• **Collected data entries**:
Start of Block

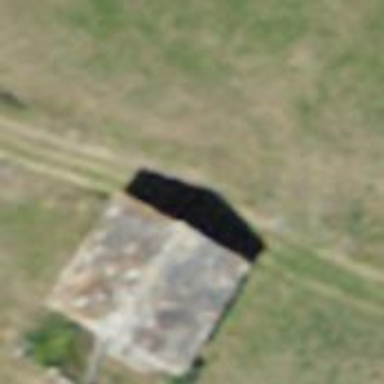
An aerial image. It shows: Farm building.
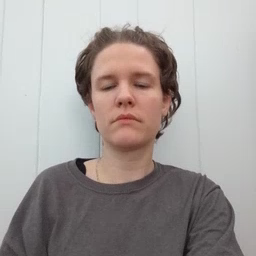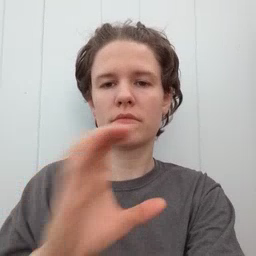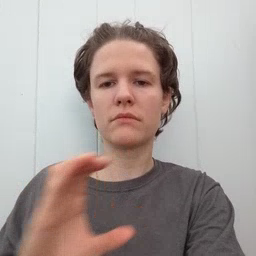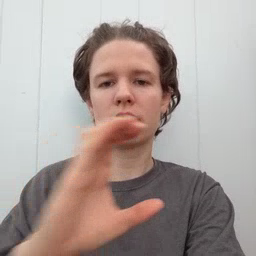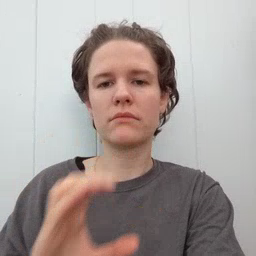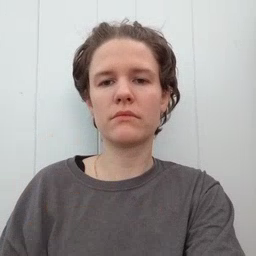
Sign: chocolate
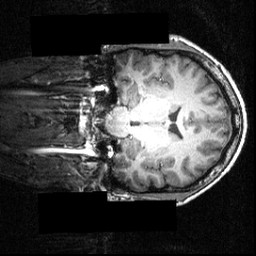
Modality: T1w
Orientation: coronal
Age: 22
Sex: male
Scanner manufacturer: siemens
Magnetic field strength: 3.951 T
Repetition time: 1.5 s
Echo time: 0.00335 s
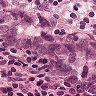
Metastatic tissue present: yes
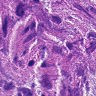
Metastatic tissue present: yes
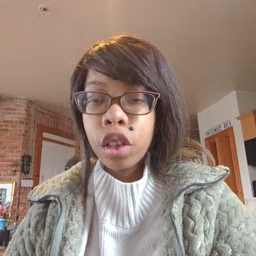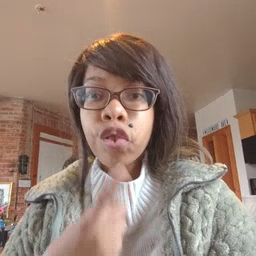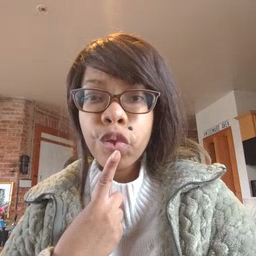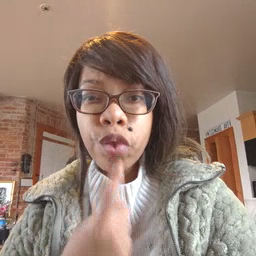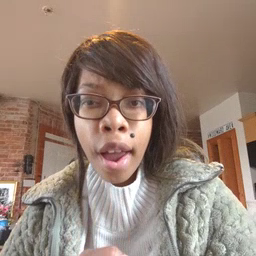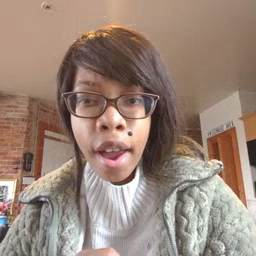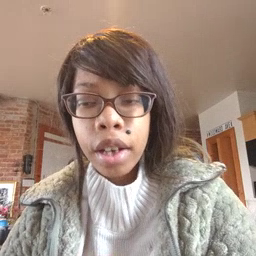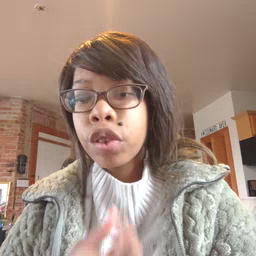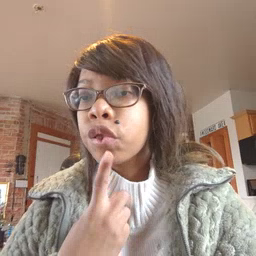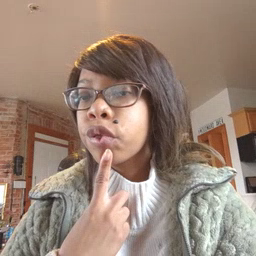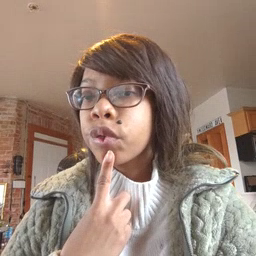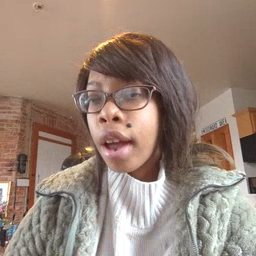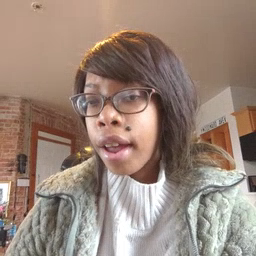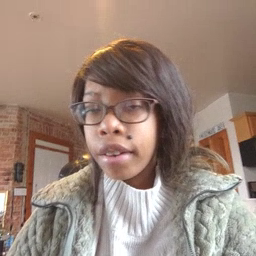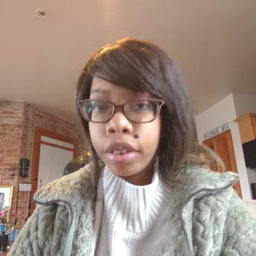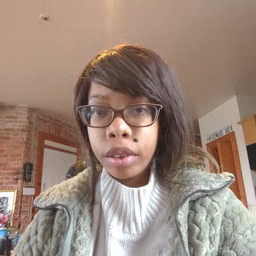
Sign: red
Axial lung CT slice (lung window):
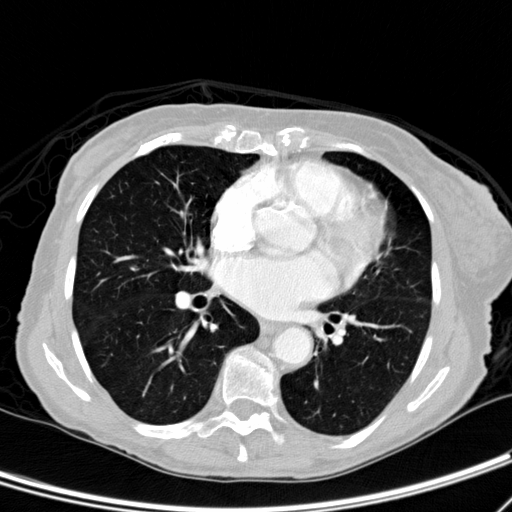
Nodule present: no
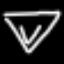
Label: diamond
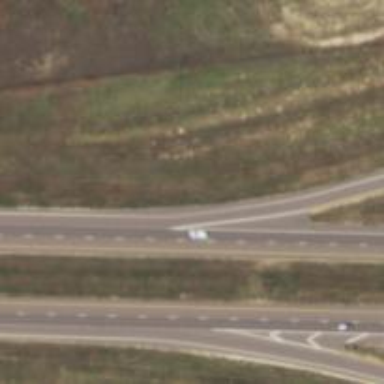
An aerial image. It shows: Solid road edge marking.
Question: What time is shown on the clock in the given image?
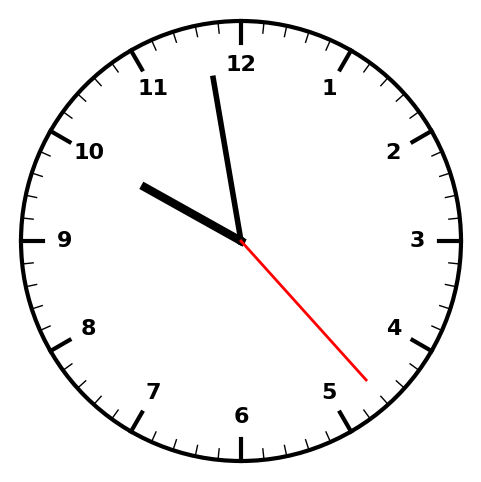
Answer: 09:58:23
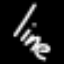
Label: line
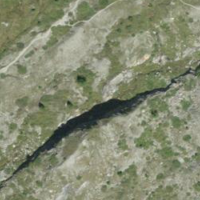
EUNIS habitat code: 48
Species observed at this site:
Pyrrhocorax graculus
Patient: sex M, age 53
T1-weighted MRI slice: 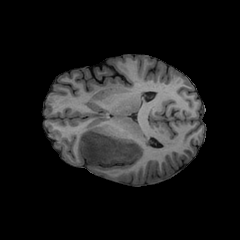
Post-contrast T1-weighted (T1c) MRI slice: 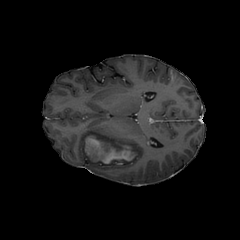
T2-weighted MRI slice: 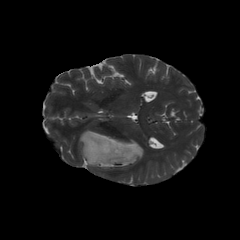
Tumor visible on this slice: yes
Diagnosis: Astrocytoma, IDH-mutant
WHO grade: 4
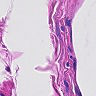
Metastatic tissue present: no
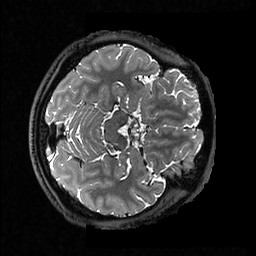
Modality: T2w
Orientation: axial
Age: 31
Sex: male
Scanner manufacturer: ge
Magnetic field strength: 3 T
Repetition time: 3.202 s
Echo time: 0.06609 s
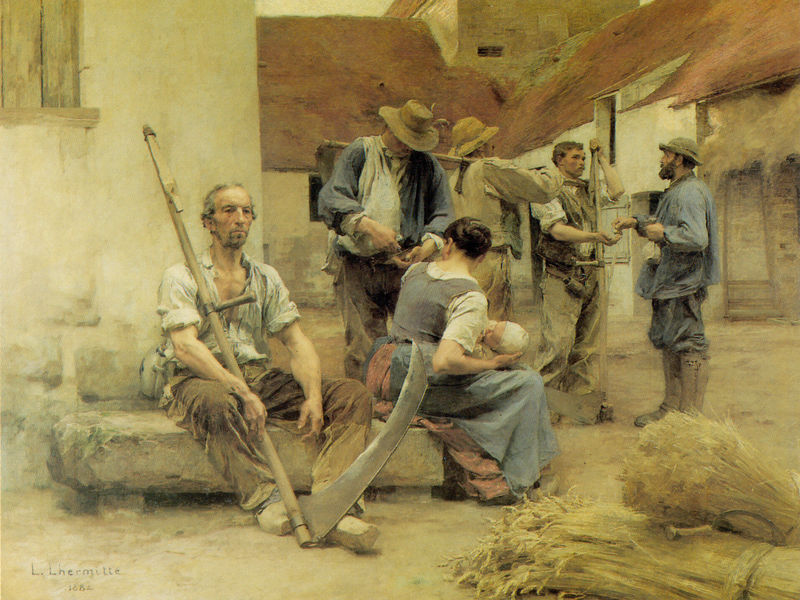
Titel: La paye des moissonneurs, Entlohnung der Erntearbeiter
Künstler: Léon L'Hermitte
Standort: Paris
Institution: Musée d'Orsay
Schlagwörter: blau, gemälde, gruppe, kopf, mann, weiß, frauen, gelb, menschen, sitzen, braun, brust, fenster, frankreich, frau, haar, hut, hüte, kleid, männer, reden, rücken, stroh, unterhalten, ölbild, blick, dach, gebäude, haus, rot, beige, gespräch, leute, malerei, bart, bärte, gesichter, wand, arm, arme, gesicht, stehen, stein, signatur, erde, häuser, boden, realismus, familie, kind, personen, arbeit, bauern, fensterläden, stock, krug, ruhen, naturalismus, unterhaltung, stab, bäuerin, bündel, ernte, garben, getreide, heu, säcke, weizen, dorf, dächer, mauer, bauernhof, hof, baby, pause, signiert, platz, bank, arbeiter, sein, bauer, courbet, scheune, geld, stillen, sichel, leinwand, stiefel, müde, bauernhaus, roof, gehöft, sechs, erschöpft, hats, ausruhen, sense, steinbank, strohballen, krücke, garbe, ballen, erntearbeiter, dreschflegel, arbeitskleidung, tausch, dreschen, dengeln, lhermille, stillt, werkzeug arbeit, old times, i see a few people together, baby brethfiding, talks, aciant times
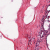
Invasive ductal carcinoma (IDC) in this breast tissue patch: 0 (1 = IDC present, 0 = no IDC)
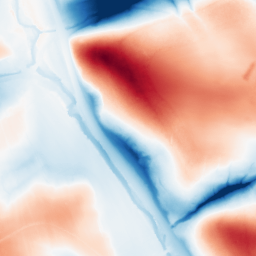
Category: classical
Decomposition family: gaussian_anisotropic
Decomposition parameters: sigma_x: 5
sigma_y: 50
Upsampling method: quartic
Upsampling parameters: scale: 8
Upsampling scale: 8
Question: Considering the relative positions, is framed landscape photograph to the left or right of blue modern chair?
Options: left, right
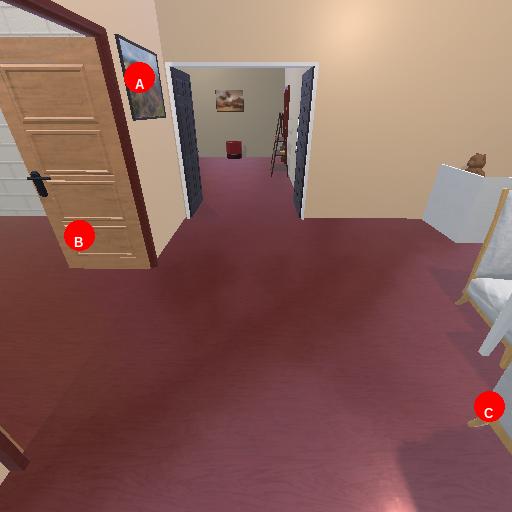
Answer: left
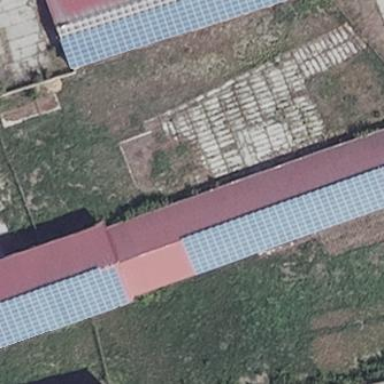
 housing small solar photovoltaic panel generator."
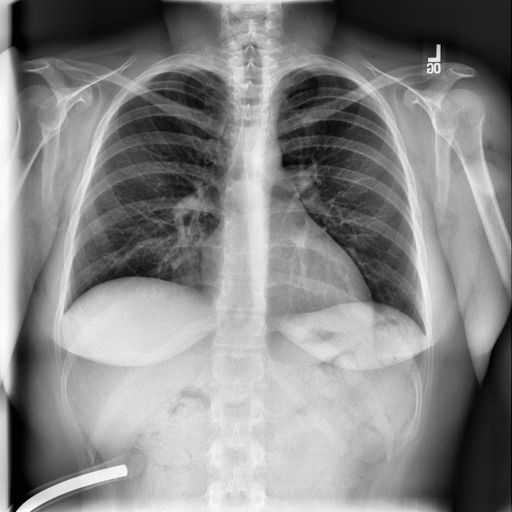
Finding: NORMAL
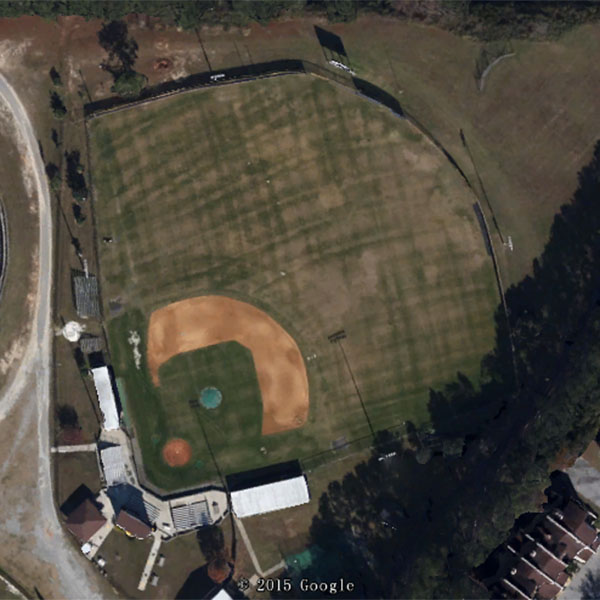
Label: BaseballField
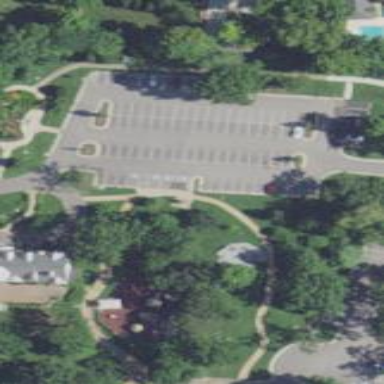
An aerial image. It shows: Parking area with surface.
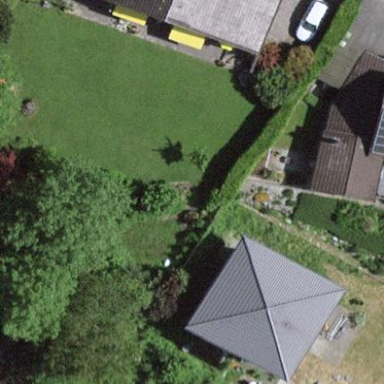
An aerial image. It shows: Detached building.
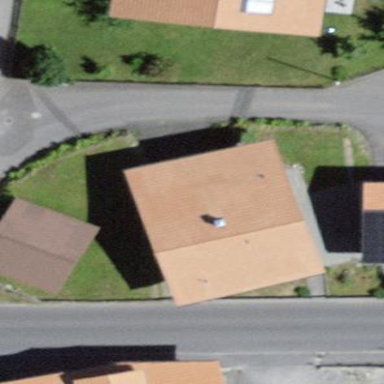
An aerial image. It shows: Residential building with gabled roof.
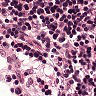
Metastatic tissue present: no
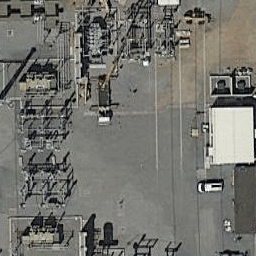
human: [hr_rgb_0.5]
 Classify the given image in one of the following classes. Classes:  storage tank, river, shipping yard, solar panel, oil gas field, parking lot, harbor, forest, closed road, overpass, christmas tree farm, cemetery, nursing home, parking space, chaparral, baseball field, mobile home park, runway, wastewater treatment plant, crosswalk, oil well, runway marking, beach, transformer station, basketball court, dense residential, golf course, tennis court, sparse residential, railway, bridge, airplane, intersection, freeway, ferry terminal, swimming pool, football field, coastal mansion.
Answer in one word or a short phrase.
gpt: transformer station

End of Block

• **WHAT YOU HAVE TO DO**: Please return every line of the records above that contains the word "given".

• **ANSWER TO THIS TASK**:
Question: What time is shown on the clock in the given image?
 Classify the given image in one of the following classes. Classes:  storage tank, river, shipping yard, solar panel, oil gas field, parking lot, harbor, forest, closed road, overpass, christmas tree farm, cemetery, nursing home, parking space, chaparral, baseball field, mobile home park, runway, wastewater treatment plant, crosswalk, oil well, runway marking, beach, transformer station, basketball court, dense residential, golf course, tennis court, sparse residential, railway, bridge, airplane, intersection, freeway, ferry terminal, swimming pool, football field, coastal mansion.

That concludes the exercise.